# YOUR INSTRUCTIONS
Nothing in the entries should be altered. Write them out in full.

# INFORMATION GIVEN
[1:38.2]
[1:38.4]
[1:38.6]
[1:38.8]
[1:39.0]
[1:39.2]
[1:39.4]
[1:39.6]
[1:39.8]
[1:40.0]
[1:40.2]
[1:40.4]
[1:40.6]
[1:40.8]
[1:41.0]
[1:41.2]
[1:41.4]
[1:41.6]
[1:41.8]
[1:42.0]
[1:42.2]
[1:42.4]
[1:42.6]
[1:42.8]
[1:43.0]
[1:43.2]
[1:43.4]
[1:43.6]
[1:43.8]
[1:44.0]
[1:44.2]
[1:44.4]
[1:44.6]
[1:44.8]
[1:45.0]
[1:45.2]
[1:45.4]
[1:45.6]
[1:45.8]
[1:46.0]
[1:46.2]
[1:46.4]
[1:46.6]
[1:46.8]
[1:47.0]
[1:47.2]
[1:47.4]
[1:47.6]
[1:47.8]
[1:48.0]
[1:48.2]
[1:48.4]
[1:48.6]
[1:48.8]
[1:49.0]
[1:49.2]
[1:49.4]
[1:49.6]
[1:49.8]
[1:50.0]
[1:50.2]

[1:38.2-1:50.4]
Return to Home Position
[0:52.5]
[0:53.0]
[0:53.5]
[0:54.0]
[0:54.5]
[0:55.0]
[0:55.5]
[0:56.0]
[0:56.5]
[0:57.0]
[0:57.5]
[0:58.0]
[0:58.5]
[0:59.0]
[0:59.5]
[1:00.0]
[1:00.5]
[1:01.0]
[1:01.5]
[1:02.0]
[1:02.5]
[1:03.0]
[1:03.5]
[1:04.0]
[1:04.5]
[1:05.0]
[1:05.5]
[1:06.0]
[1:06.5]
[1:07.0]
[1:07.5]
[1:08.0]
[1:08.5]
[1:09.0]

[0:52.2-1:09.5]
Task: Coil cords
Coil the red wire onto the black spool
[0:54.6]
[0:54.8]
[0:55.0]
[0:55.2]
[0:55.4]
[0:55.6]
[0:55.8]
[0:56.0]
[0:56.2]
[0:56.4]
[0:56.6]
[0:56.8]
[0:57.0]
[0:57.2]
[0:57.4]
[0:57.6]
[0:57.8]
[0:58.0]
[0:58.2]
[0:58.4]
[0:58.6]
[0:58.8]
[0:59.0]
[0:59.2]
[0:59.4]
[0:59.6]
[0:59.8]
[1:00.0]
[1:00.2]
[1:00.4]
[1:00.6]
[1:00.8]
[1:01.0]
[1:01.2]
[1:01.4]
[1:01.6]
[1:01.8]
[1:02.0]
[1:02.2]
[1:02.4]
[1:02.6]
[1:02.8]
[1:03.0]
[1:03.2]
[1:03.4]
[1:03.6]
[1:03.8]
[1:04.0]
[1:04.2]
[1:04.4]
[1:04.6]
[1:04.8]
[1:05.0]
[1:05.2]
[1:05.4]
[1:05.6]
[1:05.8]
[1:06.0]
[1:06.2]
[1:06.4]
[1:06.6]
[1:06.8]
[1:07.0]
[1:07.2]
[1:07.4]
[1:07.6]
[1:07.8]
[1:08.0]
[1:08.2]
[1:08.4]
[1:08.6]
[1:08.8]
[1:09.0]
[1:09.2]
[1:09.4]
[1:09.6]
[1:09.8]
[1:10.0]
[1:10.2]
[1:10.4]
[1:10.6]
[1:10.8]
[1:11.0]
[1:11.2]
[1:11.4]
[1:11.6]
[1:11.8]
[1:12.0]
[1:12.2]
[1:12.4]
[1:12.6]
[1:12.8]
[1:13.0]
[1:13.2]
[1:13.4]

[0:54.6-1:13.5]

# OUTPUT
[1:38.2]
[1:38.4]
[1:38.6]
[1:38.8]
[1:39.0]
[1:39.2]
[1:39.4]
[1:39.6]
[1:39.8]
[1:40.0]
[1:40.2]
[1:40.4]
[1:40.6]
[1:40.8]
[1:41.0]
[1:41.2]
[1:41.4]
[1:41.6]
[1:41.8]
[1:42.0]
[1:42.2]
[1:42.4]
[1:42.6]
[1:42.8]
[1:43.0]
[1:43.2]
[1:43.4]
[1:43.6]
[1:43.8]
[1:44.0]
[1:44.2]
[1:44.4]
[1:44.6]
[1:44.8]
[1:45.0]
[1:45.2]
[1:45.4]
[1:45.6]
[1:45.8]
[1:46.0]
[1:46.2]
[1:46.4]
[1:46.6]
[1:46.8]
[1:47.0]
[1:47.2]
[1:47.4]
[1:47.6]
[1:47.8]
[1:48.0]
[1:48.2]
[1:48.4]
[1:48.6]
[1:48.8]
[1:49.0]
[1:49.2]
[1:49.4]
[1:49.6]
[1:49.8]
[1:50.0]
[1:50.2]

[1:38.2-1:50.4]
Return to Home Position
[0:52.5]
[0:53.0]
[0:53.5]
[0:54.0]
[0:54.5]
[0:55.0]
[0:55.5]
[0:56.0]
[0:56.5]
[0:57.0]
[0:57.5]
[0:58.0]
[0:58.5]
[0:59.0]
[0:59.5]
[1:00.0]
[1:00.5]
[1:01.0]
[1:01.5]
[1:02.0]
[1:02.5]
[1:03.0]
[1:03.5]
[1:04.0]
[1:04.5]
[1:05.0]
[1:05.5]
[1:06.0]
[1:06.5]
[1:07.0]
[1:07.5]
[1:08.0]
[1:08.5]
[1:09.0]

[0:52.2-1:09.5]
Task: Coil cords
Coil the red wire onto the black spool
[0:54.6]
[0:54.8]
[0:55.0]
[0:55.2]
[0:55.4]
[0:55.6]
[0:55.8]
[0:56.0]
[0:56.2]
[0:56.4]
[0:56.6]
[0:56.8]
[0:57.0]
[0:57.2]
[0:57.4]
[0:57.6]
[0:57.8]
[0:58.0]
[0:58.2]
[0:58.4]
[0:58.6]
[0:58.8]
[0:59.0]
[0:59.2]
[0:59.4]
[0:59.6]
[0:59.8]
[1:00.0]
[1:00.2]
[1:00.4]
[1:00.6]
[1:00.8]
[1:01.0]
[1:01.2]
[1:01.4]
[1:01.6]
[1:01.8]
[1:02.0]
[1:02.2]
[1:02.4]
[1:02.6]
[1:02.8]
[1:03.0]
[1:03.2]
[1:03.4]
[1:03.6]
[1:03.8]
[1:04.0]
[1:04.2]
[1:04.4]
[1:04.6]
[1:04.8]
[1:05.0]
[1:05.2]
[1:05.4]
[1:05.6]
[1:05.8]
[1:06.0]
[1:06.2]
[1:06.4]
[1:06.6]
[1:06.8]
[1:07.0]
[1:07.2]
[1:07.4]
[1:07.6]
[1:07.8]
[1:08.0]
[1:08.2]
[1:08.4]
[1:08.6]
[1:08.8]
[1:09.0]
[1:09.2]
[1:09.4]
[1:09.6]
[1:09.8]
[1:10.0]
[1:10.2]
[1:10.4]
[1:10.6]
[1:10.8]
[1:11.0]
[1:11.2]
[1:11.4]
[1:11.6]
[1:11.8]
[1:12.0]
[1:12.2]
[1:12.4]
[1:12.6]
[1:12.8]
[1:13.0]
[1:13.2]
[1:13.4]

[0:54.6-1:13.5]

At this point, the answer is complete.